W dni upalnego lata, gdy deszcze omijały gospodarstwo równie uporczywie, jak ją omijało spełnienie w miłości, zaczęła chodzić na spacery. Od gąszczu malw, mikrokosmosu jej pożądań, szła w stronę sadu. Omijała stawy, młyn i obory, gdzie ścigały ją zaciekawione spojrzenia ludzi. Mimo powszedniego dnia ubrana była jakby szła do kościoła, a może nawet na wesele. Zatrzymywała się zawsze przy kieracie, który bezczynnie czekał na żniwa, by potwierdzić swą użyteczność przy młocce i rżnięciu sieczki.
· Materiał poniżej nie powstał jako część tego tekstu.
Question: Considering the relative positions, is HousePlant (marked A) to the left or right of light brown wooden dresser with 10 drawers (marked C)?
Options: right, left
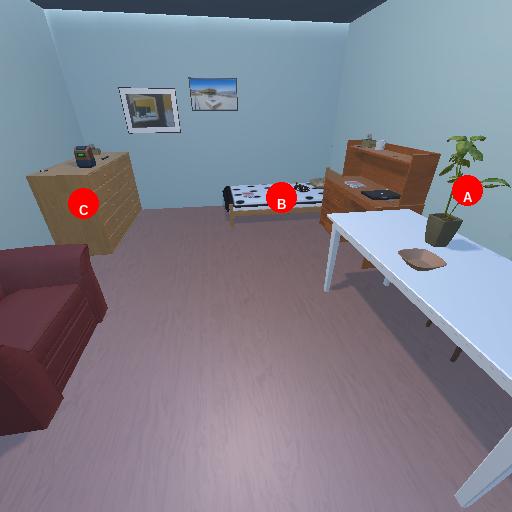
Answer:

Wpatrywała się w nadjedzone przez rdzę zębate kółka, które w czasie roboty wczepiały się w siebie z cierpliwą precyzją, gdy koń razem z dyszlem zaczynał swą jednostajną wędrówkę po obwodzie koła. Sama próbowała popychać belkę, sterczącą krzywo, pełną ciemnych szczelin w szarości pnia, łączącą przyczajony w trawach mechanizm z kręgiem wydeptanym przez końskie kopyta. Z wysiłku aż sapała, żyły występowały jej na czoło, obnażała zwichrowane uzębienie. W napięciu słuchała, kiedy rozlegnie się zgrzyt przekładni i hurgot połyskujących od smaru zębów obwieści rozpoczęcie powszedniej mordęgi. Próbowała zrozumieć logikę mechanizmu, o którym metaforycznie wspominał w obu listach narzeczony, jakoby został wkręcony w morderczy kierat. Chciała przeniknąć to, co było istotą ich oddalenia. Potem chodziła coraz dalej, aż na skraj gospodarstwa. Do lasu, nad rzekę, czasem płynęła łódką na drugą stronę Bugu. Wydawało się, że obłaskawiała przestrzeń, oswajała ją na spodziewaną długą wędrówkę. Osłaniała parasolką głowę, choć miała już na niej kapelusz. Wiatr flirtował z fałdami liliowej sukni, którą unosiła czasem powyżej kolan, a wtedy słońce gładziło chude, pokryte piegami uda wystające z piany koronkowej bielizny. Kiedyś widziano ją nad Bugiem, całkiem nagą, uśpioną mruczeniem owadów i odurzoną aromatem ziół. Drwiny parobków tłukły się po stodole, po stajni i oborze, potykały o granice w polu, niosły się po sadach, bo chłop na wsi nie widywał przecież rozebranych bab w świetle słońca.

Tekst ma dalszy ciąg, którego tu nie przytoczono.